Problem requirements — Reproduce nothing but the lines from the one with "stones on the ground: 10 - 25 %" down to the last line of the data below.

╭─ Records provided

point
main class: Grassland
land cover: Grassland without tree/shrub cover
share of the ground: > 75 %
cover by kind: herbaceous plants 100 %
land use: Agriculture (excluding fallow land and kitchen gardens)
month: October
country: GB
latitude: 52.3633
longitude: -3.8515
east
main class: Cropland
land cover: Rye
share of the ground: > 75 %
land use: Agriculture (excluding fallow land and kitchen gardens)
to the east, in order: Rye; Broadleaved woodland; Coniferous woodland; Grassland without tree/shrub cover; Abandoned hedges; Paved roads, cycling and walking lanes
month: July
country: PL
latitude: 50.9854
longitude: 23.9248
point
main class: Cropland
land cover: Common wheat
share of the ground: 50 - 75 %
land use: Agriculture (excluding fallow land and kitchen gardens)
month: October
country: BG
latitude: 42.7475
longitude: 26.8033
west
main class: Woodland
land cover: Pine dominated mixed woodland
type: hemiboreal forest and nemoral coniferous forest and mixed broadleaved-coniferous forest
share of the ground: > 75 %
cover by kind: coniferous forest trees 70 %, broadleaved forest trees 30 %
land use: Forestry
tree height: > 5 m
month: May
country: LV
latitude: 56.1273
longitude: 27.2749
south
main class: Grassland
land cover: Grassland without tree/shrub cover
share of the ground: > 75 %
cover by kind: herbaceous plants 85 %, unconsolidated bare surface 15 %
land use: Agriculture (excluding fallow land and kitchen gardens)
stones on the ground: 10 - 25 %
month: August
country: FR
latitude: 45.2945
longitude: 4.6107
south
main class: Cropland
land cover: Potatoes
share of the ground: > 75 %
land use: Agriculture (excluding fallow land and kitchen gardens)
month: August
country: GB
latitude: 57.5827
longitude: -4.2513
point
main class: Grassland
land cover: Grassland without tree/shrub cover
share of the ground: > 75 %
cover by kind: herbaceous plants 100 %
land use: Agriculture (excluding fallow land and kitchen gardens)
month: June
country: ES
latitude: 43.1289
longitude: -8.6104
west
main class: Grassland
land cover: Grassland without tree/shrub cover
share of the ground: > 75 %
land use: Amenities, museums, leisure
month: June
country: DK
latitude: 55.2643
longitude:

╰─

Solution for this problem —
stones on the ground: 10 - 25 %
month: August
country: FR
latitude: 45.2945
longitude: 4.6107
south
main class: Cropland
land cover: Potatoes
share of the ground: > 75 %
land use: Agriculture (excluding fallow land and kitchen gardens)
month: August
country: GB
latitude: 57.5827
longitude: -4.2513
point
main class: Grassland
land cover: Grassland without tree/shrub cover
share of the ground: > 75 %
cover by kind: herbaceous plants 100 %
land use: Agriculture (excluding fallow land and kitchen gardens)
month: June
country: ES
latitude: 43.1289
longitude: -8.6104
west
main class: Grassland
land cover: Grassland without tree/shrub cover
share of the ground: > 75 %
land use: Amenities, museums, leisure
month: June
country: DK
latitude: 55.2643
longitude:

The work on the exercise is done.